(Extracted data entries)
┏━━

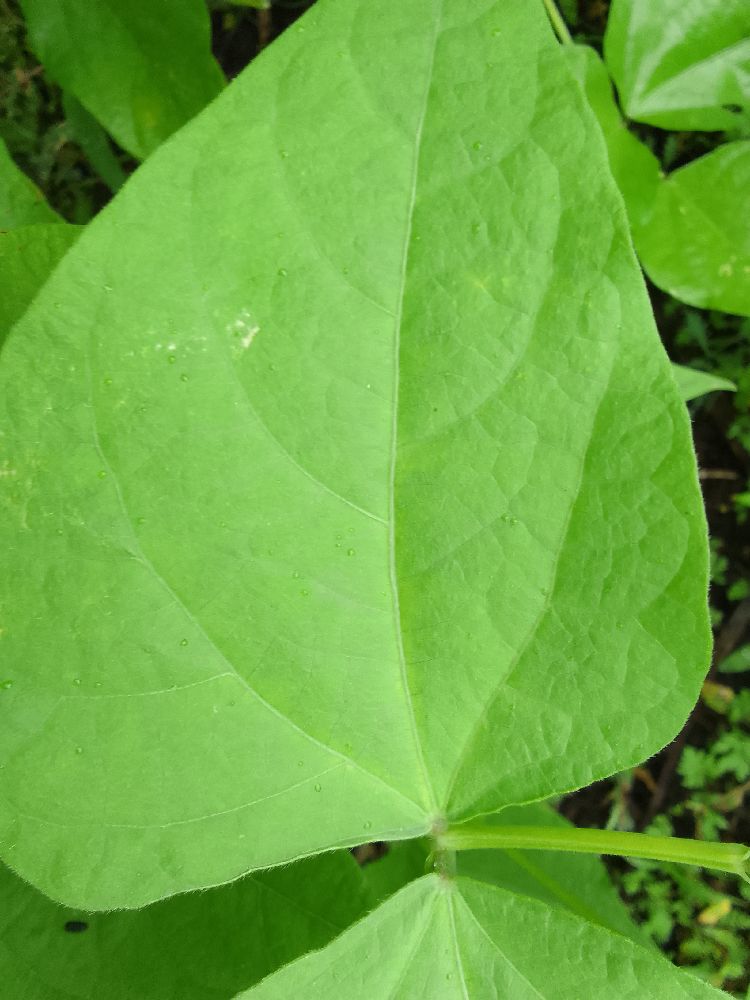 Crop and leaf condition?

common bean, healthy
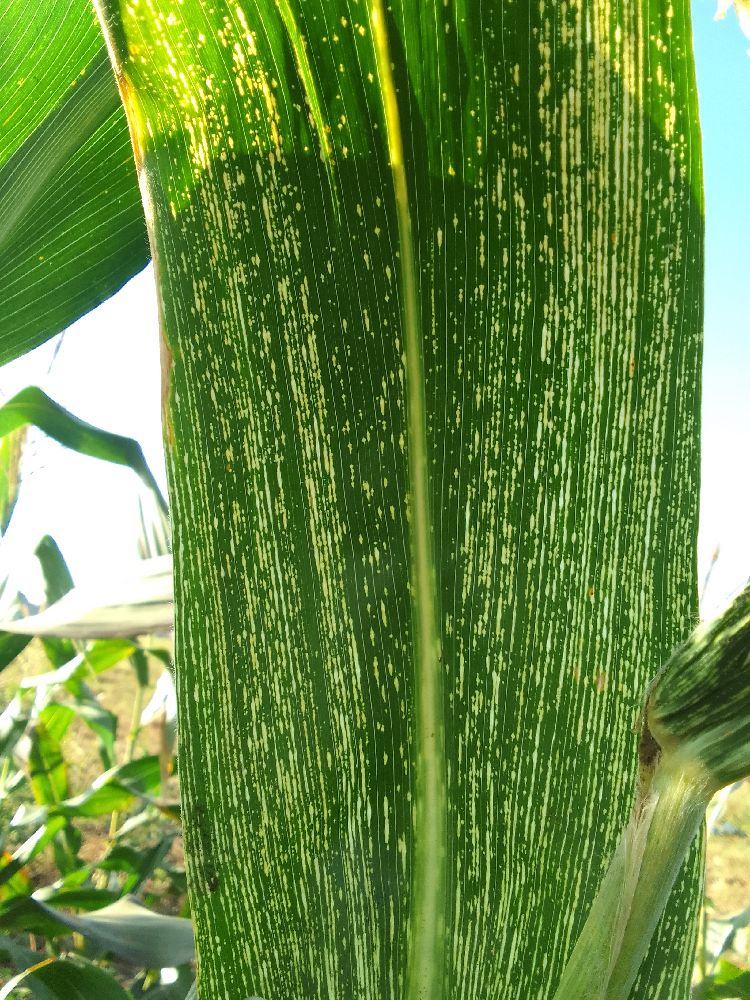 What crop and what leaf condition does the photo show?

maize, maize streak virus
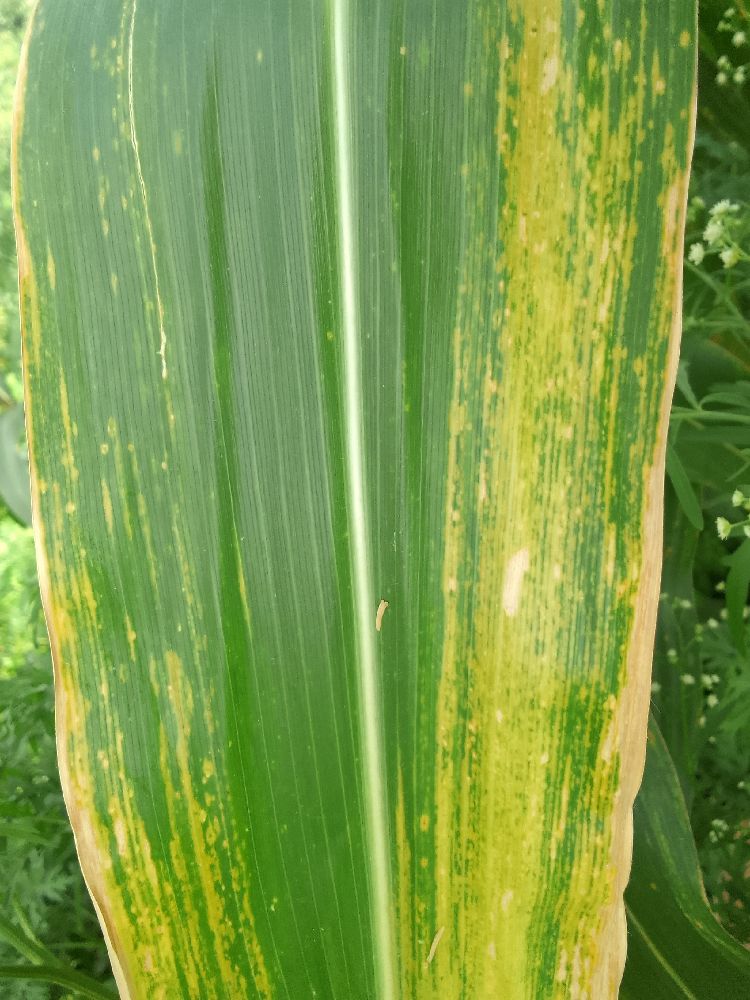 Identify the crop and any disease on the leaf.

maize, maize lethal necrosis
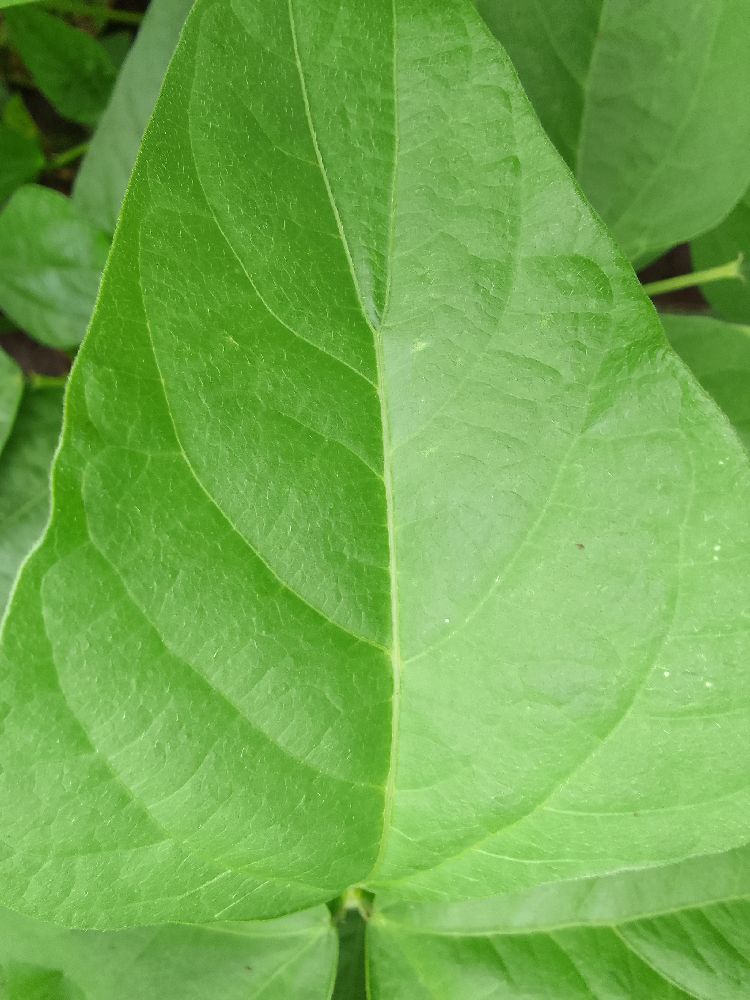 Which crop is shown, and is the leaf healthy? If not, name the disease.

┗━━

#### Task statement:
Please reproduce the entries from above exactly; images are not part of the copy.

#### Task solution:
 Crop and leaf condition?

common bean, healthy
 What crop and what leaf condition does the photo show?

maize, maize streak virus
 Identify the crop and any disease on the leaf.

maize, maize lethal necrosis
 Which crop is shown, and is the leaf healthy? If not, name the disease.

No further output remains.